Tests parallèles et systèmes associés
De nombreuses unités ukrainiennes de première ligne expérimentent également le montage de fusils sans recul sur des plateformes comme le Mavic. Parallèlement, des solutions plus spécialisées émergent : le Besomar 3210, un drone intercepteur réutilisable présenté à Iron Demo 2025, en est un parfait exemple. Équipé d’un fusil sans recul à l’avant, il combine l’imagerie thermique et des algorithmes de tir automatisés pour intercepter les missiles Shahed/Geran à courte portée.
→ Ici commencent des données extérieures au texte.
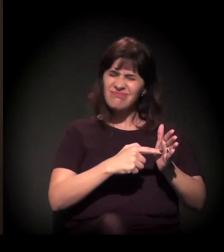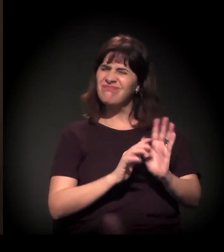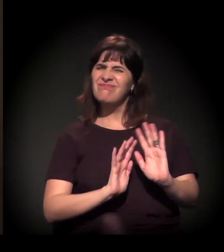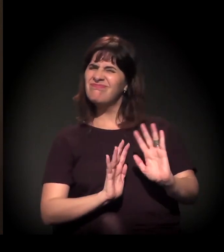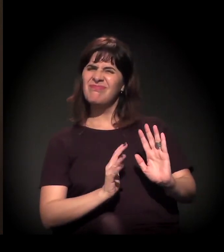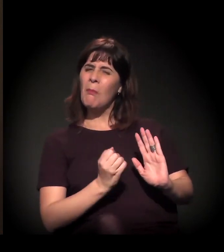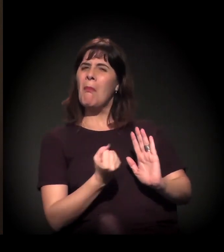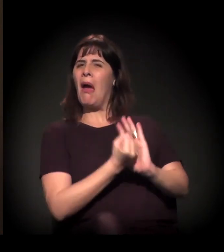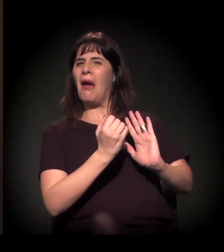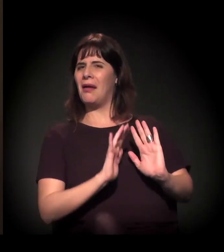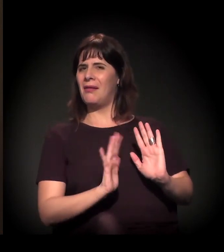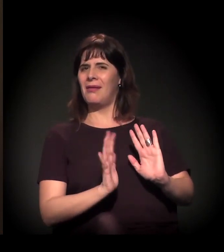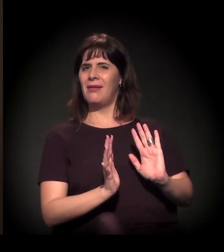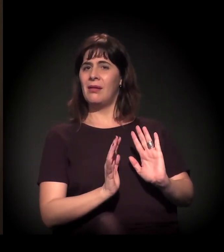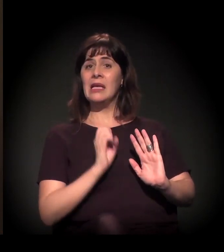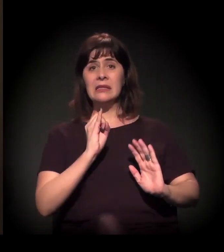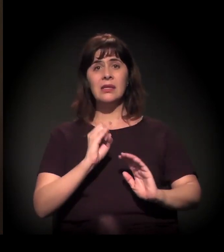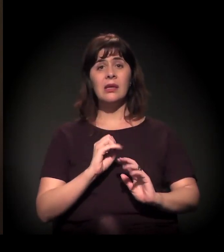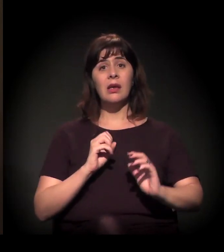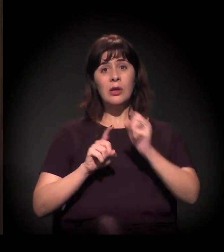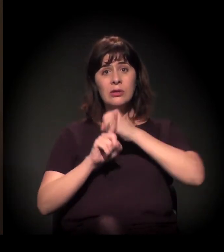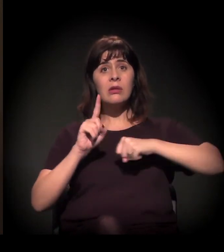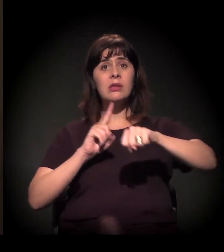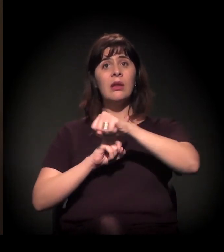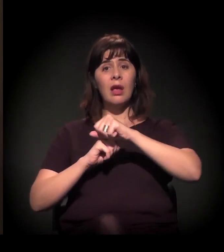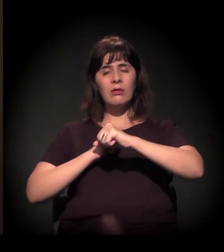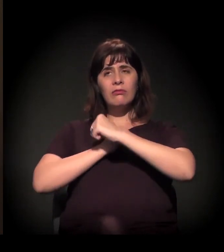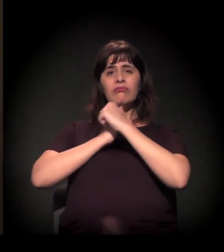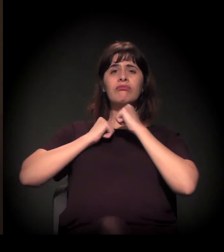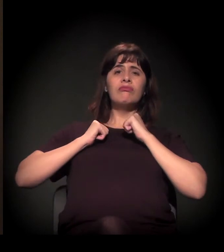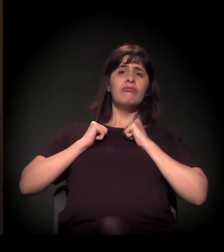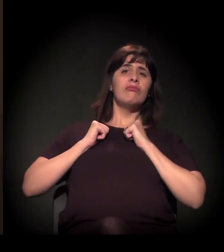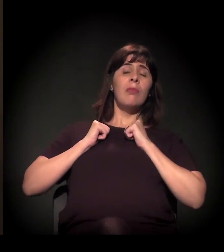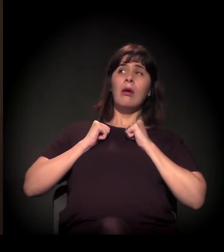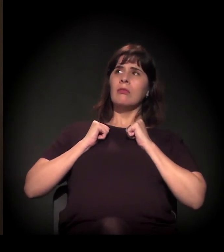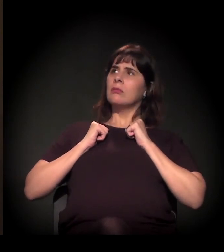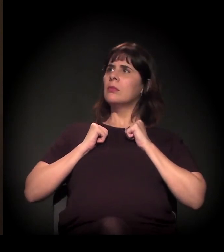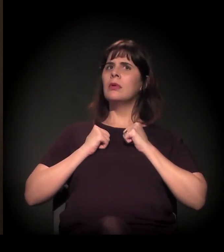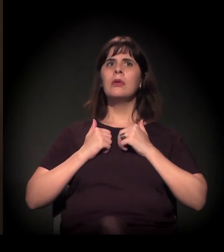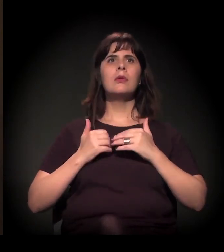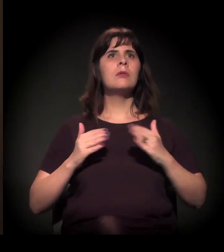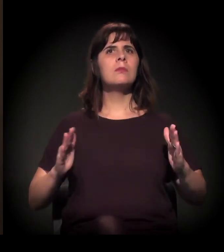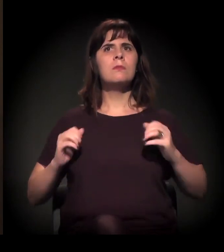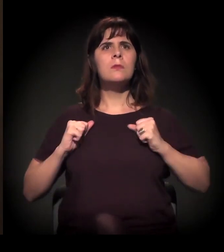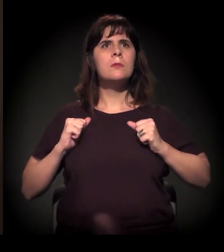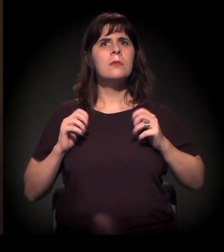mas, quando a sociedade descruza os braços e vai, ela consegue.

À l'échelle internationale, les drones armés tels que le Songar (Turquie) et le Smash Dragon (Israël) illustrent une tendance similaire. La différence avec le DroneHunter réside dans le fait que sa conception est optimisée dès le départ pour les missions anti-drones, et non pour l'attaque de cibles terrestres.
Impacts et limitations
DroneHunter s'inscrit dans le cadre de la doctrine de défense aérienne à plusieurs niveaux, agissant comme « dernier rempart » à 20 mètres au-dessus des tranchées. Sans pour autant remplacer les missiles antiaériens ou les systèmes de brouillage, ce système offre une solution économique pour atténuer les risques que représentent les drones kamikazes pour le personnel et les équipements critiques.